§ **EXERCISE PROMPT**
Please give every record below again exactly, and keep the pictures out.

§ **SOURCE DATA**

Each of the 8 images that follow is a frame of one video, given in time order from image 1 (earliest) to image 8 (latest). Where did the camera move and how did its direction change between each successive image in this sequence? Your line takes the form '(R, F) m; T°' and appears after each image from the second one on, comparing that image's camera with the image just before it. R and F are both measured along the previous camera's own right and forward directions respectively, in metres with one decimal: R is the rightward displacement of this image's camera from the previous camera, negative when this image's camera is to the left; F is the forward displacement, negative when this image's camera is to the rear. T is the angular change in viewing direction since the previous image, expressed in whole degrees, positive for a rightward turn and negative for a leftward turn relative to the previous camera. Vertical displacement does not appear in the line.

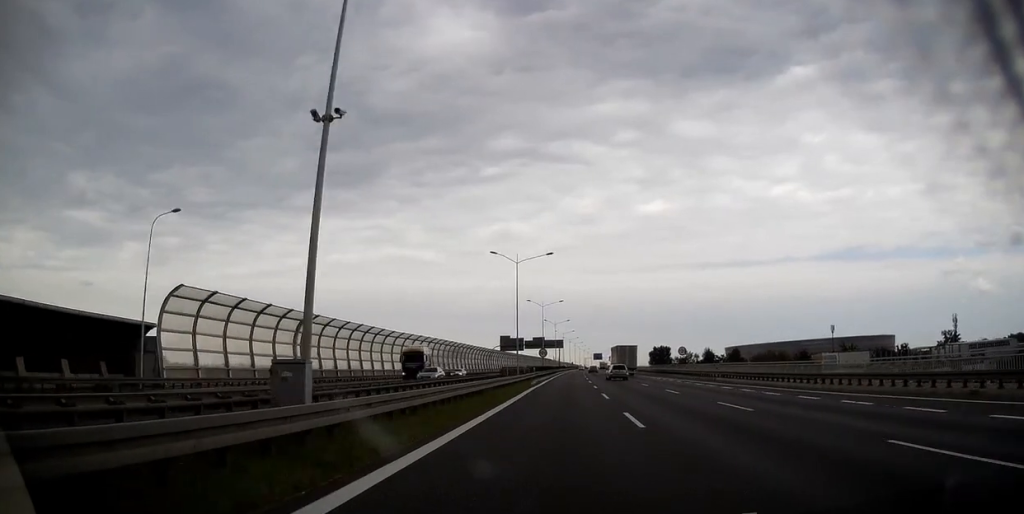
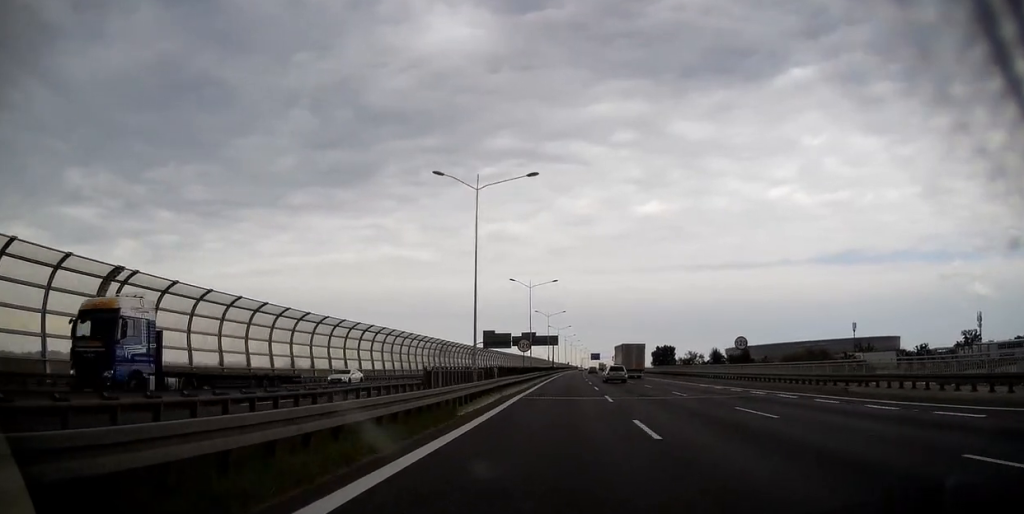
(0.0, +26.1) m; 0°
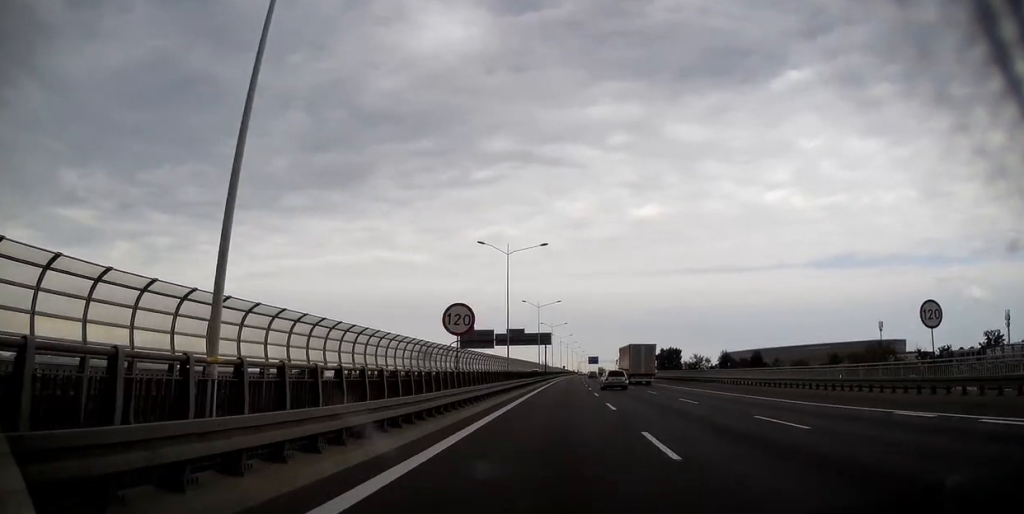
(+0.1, +26.2) m; +1°
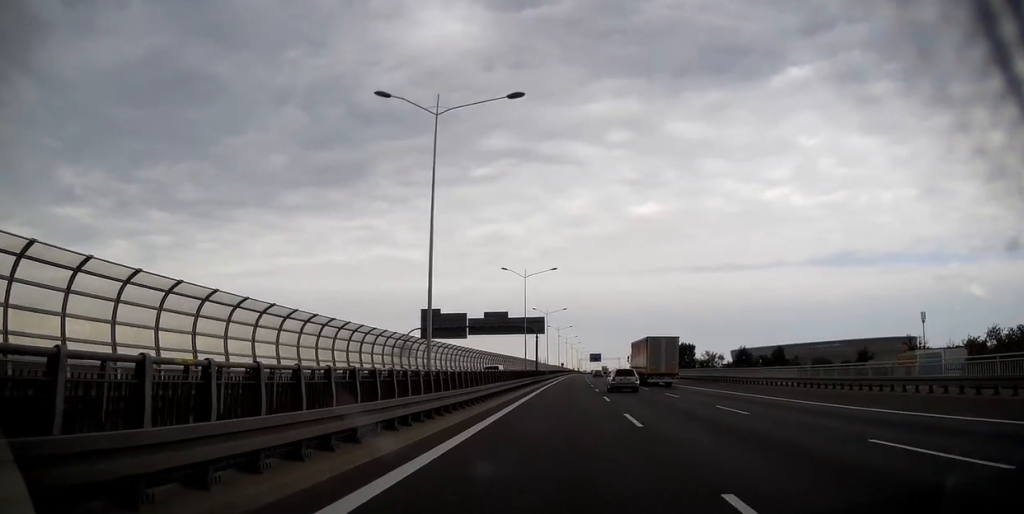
(+0.2, +30.7) m; 0°
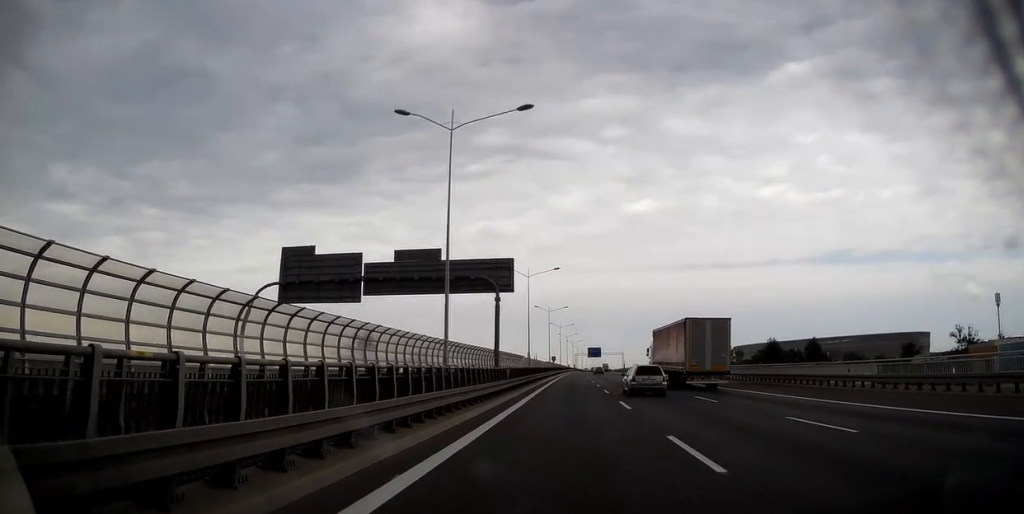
(-0.1, +43.0) m; 0°
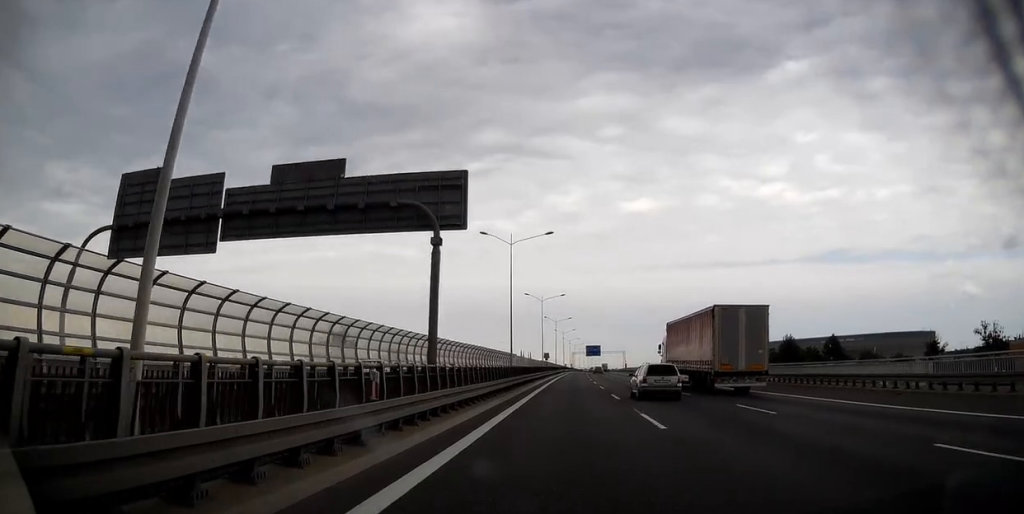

§ **RESPONSE BELOW**
Each of the 8 images that follow is a frame of one video, given in time order from image 1 (earliest) to image 8 (latest). Where did the camera move and how did its direction change between each successive image in this sequence? Your line takes the form '(R, F) m; T°' and appears after each image from the second one on, comparing that image's camera with the image just before it. R and F are both measured along the previous camera's own right and forward directions respectively, in metres with one decimal: R is the rightward displacement of this image's camera from the previous camera, negative when this image's camera is to the left; F is the forward displacement, negative when this image's camera is to the rear. T is the angular change in viewing direction since the previous image, expressed in whole degrees, positive for a rightward turn and negative for a leftward turn relative to the previous camera. Vertical displacement does not appear in the line.

(0.0, +26.1) m; 0°
(+0.1, +26.2) m; +1°
(+0.2, +30.7) m; 0°
(-0.1, +43.0) m; 0°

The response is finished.